I was intrigued and disturbed that there was a matching pattern of deaths from almost sixty years earlier. The indications pointed increasingly toward a long-term paranormal element and the most obvious was the vampires. I wasn’t at all pleased at the prospect of a private conversation with Edward Kammerling, but it appeared I had no other option. Asking the other vampires without consulting Edward first would rouse his annoyance. Our current relationship was one of deliberate distance on my part and occasional attempts to gain control over me on his. I suspected that I had a very small surprise to spring on him that would force him to keep his distance for our chat, but it would only be good the one time. I hoped I wouldn’t regret giving it up in the future, but you can’t horde all your assets forever.

With the information from Fish and a strong feeling that Jenny Nin would not be shambling out of the morgue, I left Harborview with a fair balance of good and evil before me: no immediate monsters and an emerging—if upsetting—pattern of bodies that might point to the cause of the recent deaths; but to learn more, I’d have to walk into my least favorite lion’s den and have a talk with the head lion—who was distinctly a man-eater with designs on me for a side dish.

I drove back to my office past Occidental Park and saw that the police were already cleaning up and closing the crime scene down. Solis was nowhere in sight. I imagined he wasn’t pleased with these deaths, but there might be very little he could do to keep the files active. Without the knowledge I had, the logical conclusion—even if the facts were a bit reluctant to fit perfectly—was simple death by exposure to the intense cold, followed by depredation by feral dogs. Ugly and unpleasant, but adequate for most purposes, and I’d come to know that an adequate explanation was often more desirable than a perfect truth.

From my office I called Edward’s secretary. It was Saturday and I got an answering service staffed by an actual person. She assured me Mr. Kammerling would be in touch.

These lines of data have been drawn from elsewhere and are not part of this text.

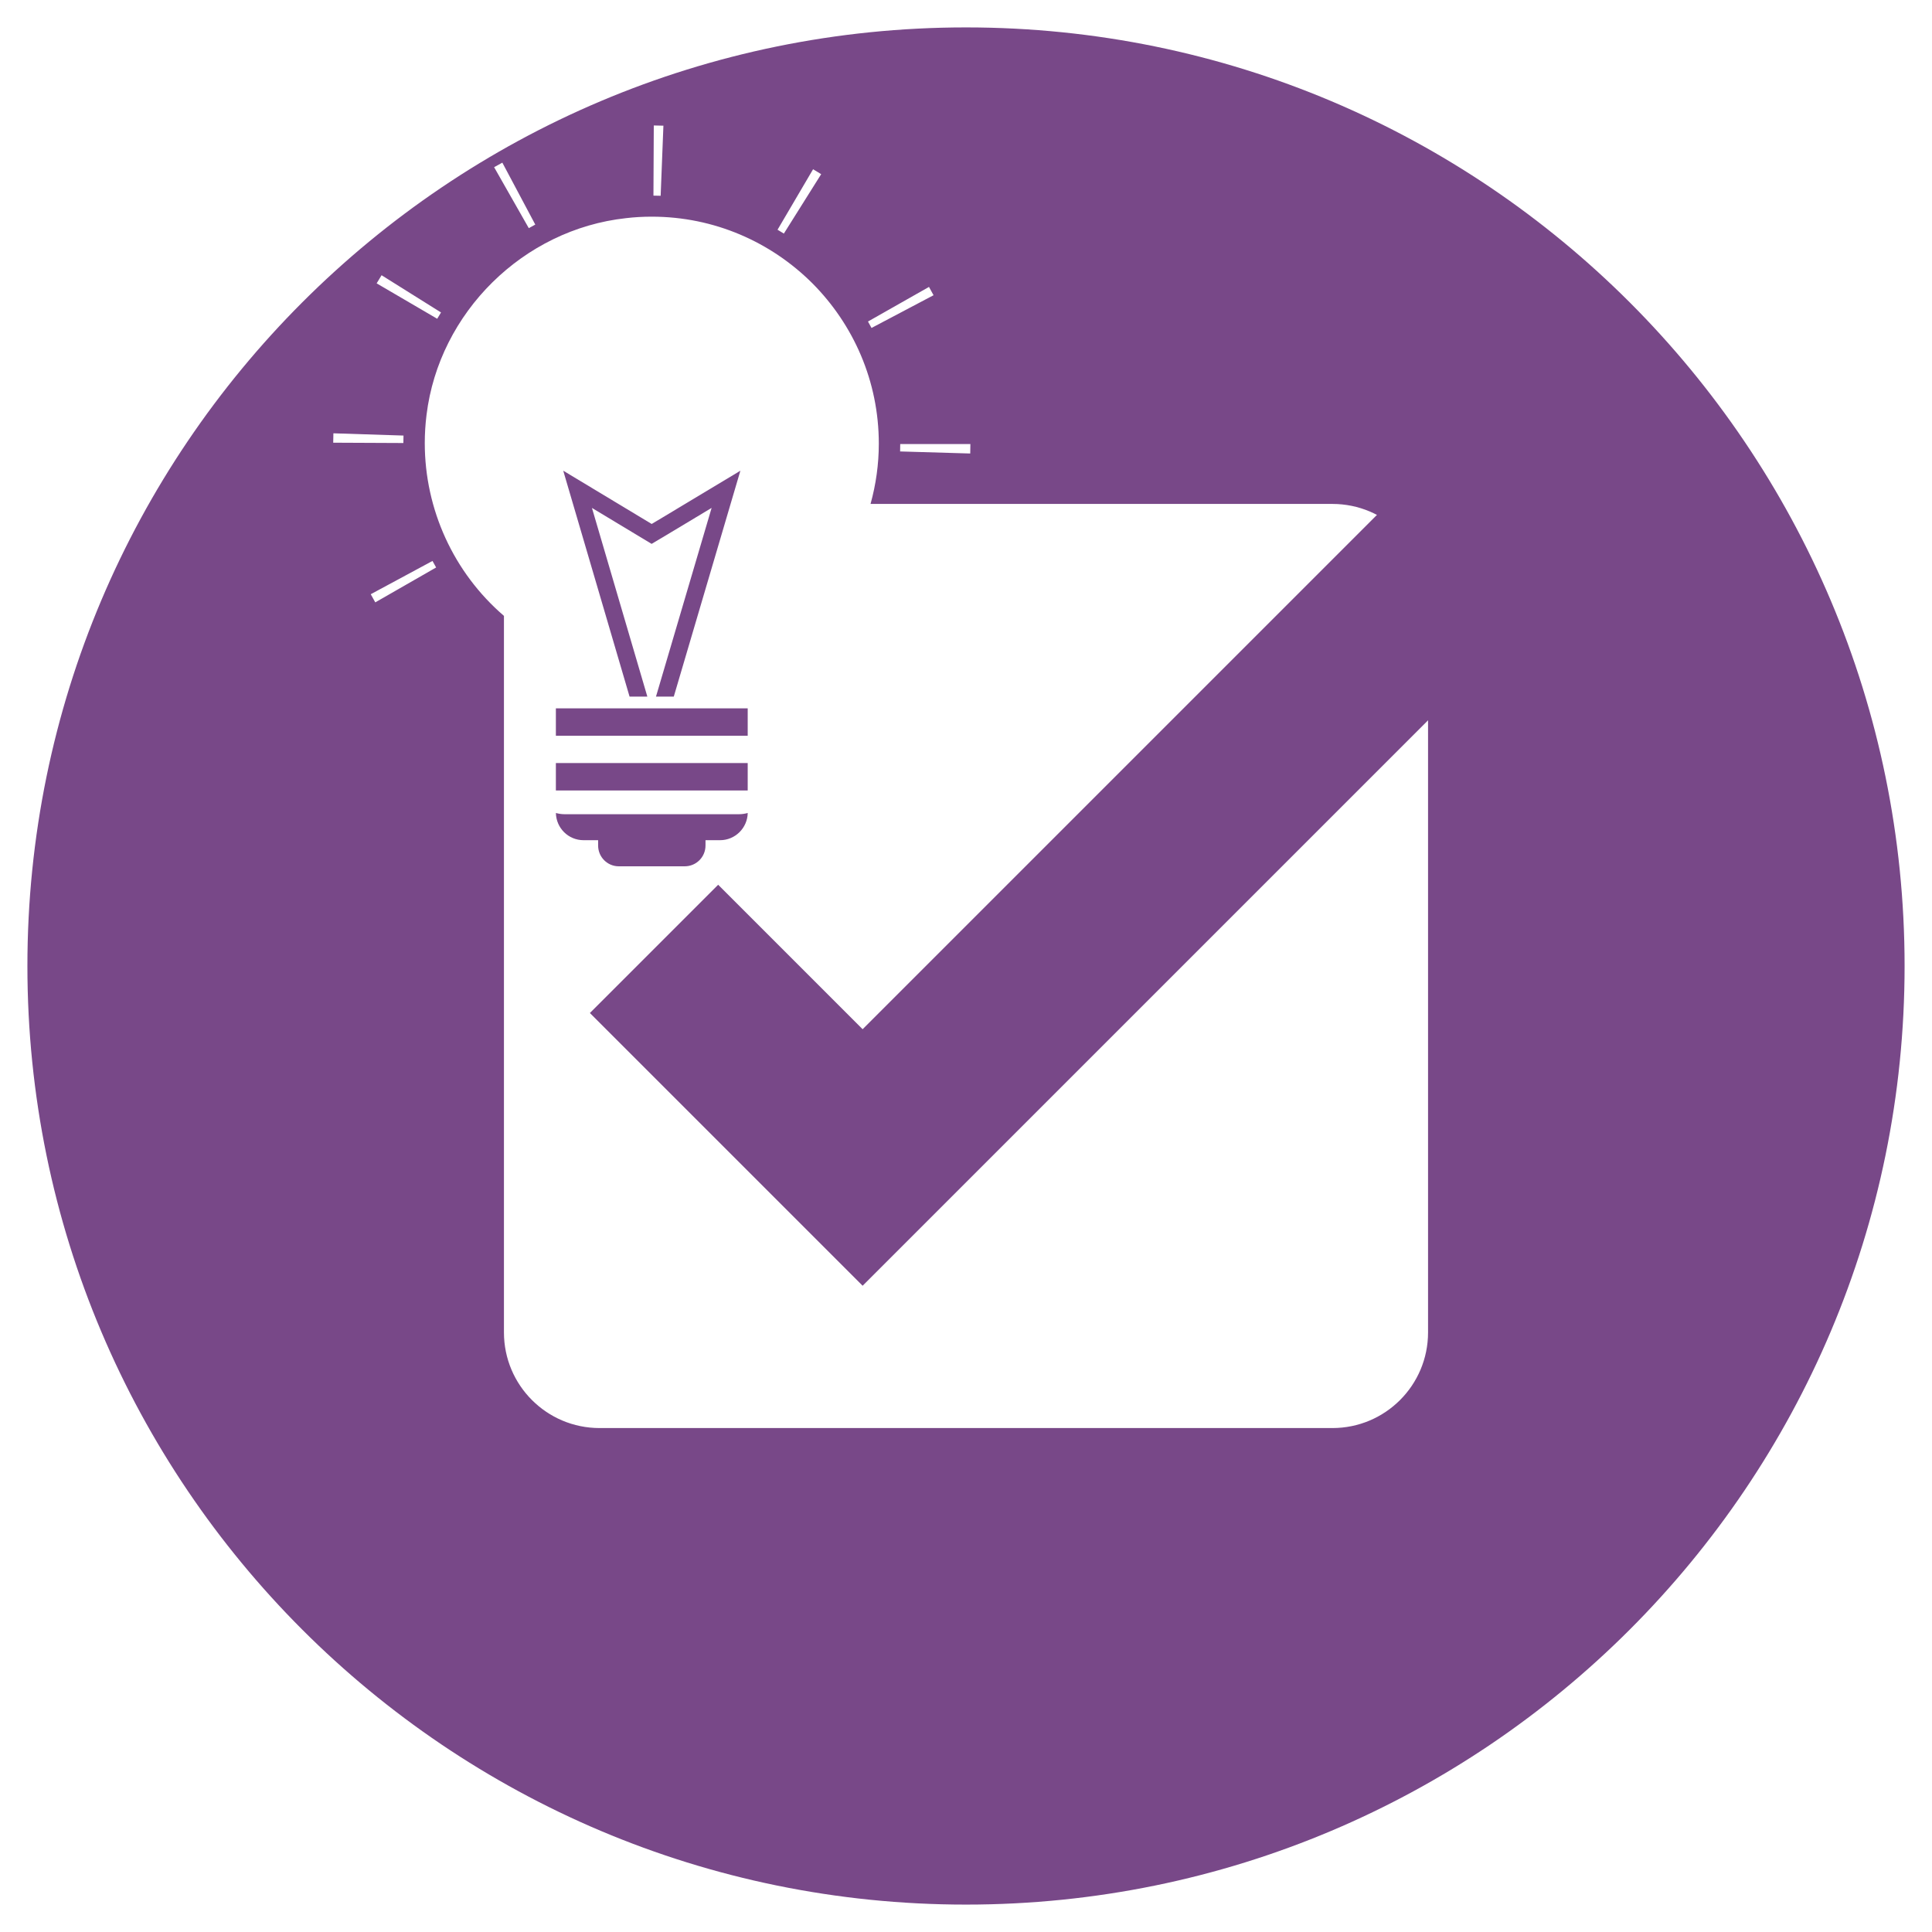 <?xml version="1.0" encoding="utf-8"?>
<!-- Generator: Adobe Illustrator 24.3.0, SVG Export Plug-In . SVG Version: 6.00 Build 0)  -->
<svg version="1.1" id="Layer_1" xmlns="http://www.w3.org/2000/svg" xmlns:xlink="http://www.w3.org/1999/xlink" x="0px" y="0px"
	 viewBox="0 0 1080 1080" style="enable-background:new 0 0 1080 1080;" xml:space="preserve">
<style type="text/css">
	.st0{fill:#784888;}
	.st1{fill-rule:evenodd;clip-rule:evenodd;fill:#FFA200;}
	.st2{fill-rule:evenodd;clip-rule:evenodd;fill:#006CA4;}
	.st3{fill-rule:evenodd;clip-rule:evenodd;fill:#008C8E;}
	.st4{fill-rule:evenodd;clip-rule:evenodd;fill:#7CBF4E;}
	.st5{fill-rule:evenodd;clip-rule:evenodd;fill:#784888;}
	.st6{fill:#FFFFFF;}
	.st7{fill:none;stroke:#FFFFFF;stroke-width:10;stroke-miterlimit:10;}
</style>
<g>
	<polygon class="st0" points="482.21,575.34 401.46,494.58 329.75,566.28 482.21,718.74 867.89,333.06 796.19,261.36 	"/>
	<path class="st0" d="M315.67,455.15c-1.7,0-3.31-0.25-4.92-0.68c0.17,8.41,6.96,15.2,15.45,15.2h8.15v2.97
		c0,6.45,5.18,11.63,11.55,11.63h36.85c6.45,0,11.63-5.18,11.63-11.63v-2.97h8.15c8.41,0,15.28-6.79,15.45-15.2
		c-1.61,0.43-3.23,0.68-4.92,0.68H315.67z"/>
	<rect x="310.74" y="426.55" class="st0" width="107.23" height="15.33"/>
	<rect x="310.74" y="395.97" class="st0" width="107.23" height="15.33"/>
	<polygon class="st0" points="370.64,289.11 370.65,289.11 364.29,292.9 314.85,263.12 351.93,389.4 361.87,389.4 330.9,283.93 
		364.26,304.03 375.54,297.3 375.55,297.29 397.8,283.92 366.7,389.4 376.65,389.4 413.88,263.13 	"/>
	<path class="st0" d="M540,15.32C250.23,15.32,15.32,250.23,15.32,540S250.23,1064.68,540,1064.68S1064.68,829.77,1064.68,540
		S829.77,15.32,540,15.32z M542.45,248.23c0,1.76-0.03,3.52-0.08,5.28l-39.2-1.15c0.04-1.37,0.06-2.75,0.06-4.13H542.45z
		 M519.31,160.39c0.87,1.53,1.72,3.08,2.55,4.64l-34.68,18.3c-0.64-1.21-1.3-2.41-1.97-3.6L519.31,160.39z M454.52,94.61
		c1.52,0.9,3.03,1.81,4.52,2.75l-20.86,33.21c-1.16-0.74-2.34-1.46-3.53-2.15L454.52,94.61z M365.47,70.14
		c1.8,0.01,3.59,0.05,5.38,0.12l-1.54,39.18c-1.34-0.05-2.68-0.08-4.03-0.08L365.47,70.14z M280.81,90.92l18.41,34.62
		c-1.22,0.65-2.42,1.32-3.62,2l-19.39-34.08C277.73,92.58,279.26,91.73,280.81,90.92z M213.3,153.85l33.23,20.82
		c-0.73,1.16-1.44,2.34-2.13,3.52l-33.85-19.79C211.45,156.86,212.36,155.35,213.3,153.85z M186.37,242.22l39.19,1.26
		c-0.04,1.39-0.07,2.78-0.08,4.17l-39.21-0.18C186.28,245.7,186.31,243.96,186.37,242.22z M209.78,336.73
		c-0.86-1.5-1.7-3.03-2.53-4.56l34.52-18.6c0.66,1.23,1.34,2.44,2.03,3.65L209.78,336.73z M798.29,744.84
		c0,29.52-23.93,53.45-53.45,53.45H335.16c-29.52,0-53.45-23.93-53.45-53.45V344.28c-28.1-24.17-44.26-59.46-44.26-96.62
		c0-5.21,0.33-10.5,0.99-15.79c7.02-57.19,54.05-103.64,111.49-109.92c4.8-0.58,9.67-0.83,14.38-0.83
		c35.04,0,66.7,14.22,89.76,37.19c22.98,23.06,37.19,54.71,37.19,89.67c0,11.49-1.6,22.83-4.62,33.72h258.2
		c29.52,0,53.45,23.93,53.45,53.45V744.84z"/>
</g>
</svg>

My mind wandered toward thoughts of Will and, as if summoned, my cell phone rang, displaying his number. I wasn’t sure I wanted to answer, but I poked the button anyhow.

“Hi, Will.” I was still irritable from lack of sleep and the ragged edge of pity for Jenny Nin. Not sure what he wanted, I wasn’t too inclined to fill the empty air between us with words.

“Hi, Harper. I wanted to apologize,” he started, “for being hasty—for freaking out the other night. I know things couldn’t have been what they looked like.”

Since they weren’t so far from what they had looked like, I didn’t say anything.

“This is pretty hard.” I knew he wanted me to make it easier, but I wasn’t going to. My misery and shock at the way our last date had ended were turning into anger, and I had no intention of letting him off the hook with a few halting apologies. “I was hoping,” he continued, “that you might have breakfast with me. I’m down at Endolyne Joes.”

“It was snowing on the hill earlier,” I said, “and I’m at the office now. Driving back across the bridge and down to Fauntleroy isn’t high on my priority list.”

“The snows not so bad here and its keeping the morning crowd away. We’d have some privacy.”

I growled. Will was wheedling, which I’d never heard from him before and didn’t like, but our business was unfinished and I supposed I should take the opportunity he was offering to either save our relationship or bury it for good.